> _Work item_
Exact repetition of every record is required.

::: Exercise data

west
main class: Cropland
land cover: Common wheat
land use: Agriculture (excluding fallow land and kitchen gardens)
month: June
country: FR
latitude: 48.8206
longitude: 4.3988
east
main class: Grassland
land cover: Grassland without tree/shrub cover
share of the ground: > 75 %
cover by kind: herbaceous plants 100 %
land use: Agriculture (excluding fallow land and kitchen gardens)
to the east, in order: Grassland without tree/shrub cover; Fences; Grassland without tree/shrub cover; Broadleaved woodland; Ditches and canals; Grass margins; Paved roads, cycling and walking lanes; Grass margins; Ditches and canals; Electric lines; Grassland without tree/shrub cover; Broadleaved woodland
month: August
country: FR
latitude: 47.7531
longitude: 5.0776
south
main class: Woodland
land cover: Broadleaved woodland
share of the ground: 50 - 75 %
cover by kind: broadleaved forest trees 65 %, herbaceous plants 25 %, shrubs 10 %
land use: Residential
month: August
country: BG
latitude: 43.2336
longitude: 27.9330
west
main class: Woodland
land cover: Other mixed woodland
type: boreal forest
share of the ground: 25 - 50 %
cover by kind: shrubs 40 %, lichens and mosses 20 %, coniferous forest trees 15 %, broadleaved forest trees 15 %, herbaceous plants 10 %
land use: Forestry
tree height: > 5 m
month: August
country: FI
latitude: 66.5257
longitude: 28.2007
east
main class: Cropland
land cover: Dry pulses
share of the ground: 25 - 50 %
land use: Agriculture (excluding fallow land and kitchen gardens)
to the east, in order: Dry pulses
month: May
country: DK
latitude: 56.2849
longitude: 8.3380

::::::

> _Expected answer_
west
main class: Cropland
land cover: Common wheat
land use: Agriculture (excluding fallow land and kitchen gardens)
month: June
country: FR
latitude: 48.8206
longitude: 4.3988
east
main class: Grassland
land cover: Grassland without tree/shrub cover
share of the ground: > 75 %
cover by kind: herbaceous plants 100 %
land use: Agriculture (excluding fallow land and kitchen gardens)
to the east, in order: Grassland without tree/shrub cover; Fences; Grassland without tree/shrub cover; Broadleaved woodland; Ditches and canals; Grass margins; Paved roads, cycling and walking lanes; Grass margins; Ditches and canals; Electric lines; Grassland without tree/shrub cover; Broadleaved woodland
month: August
country: FR
latitude: 47.7531
longitude: 5.0776
south
main class: Woodland
land cover: Broadleaved woodland
share of the ground: 50 - 75 %
cover by kind: broadleaved forest trees 65 %, herbaceous plants 25 %, shrubs 10 %
land use: Residential
month: August
country: BG
latitude: 43.2336
longitude: 27.9330
west
main class: Woodland
land cover: Other mixed woodland
type: boreal forest
share of the ground: 25 - 50 %
cover by kind: shrubs 40 %, lichens and mosses 20 %, coniferous forest trees 15 %, broadleaved forest trees 15 %, herbaceous plants 10 %
land use: Forestry
tree height: > 5 m
month: August
country: FI
latitude: 66.5257
longitude: 28.2007
east
main class: Cropland
land cover: Dry pulses
share of the ground: 25 - 50 %
land use: Agriculture (excluding fallow land and kitchen gardens)
to the east, in order: Dry pulses
month: May
country: DK
latitude: 56.2849
longitude: 8.3380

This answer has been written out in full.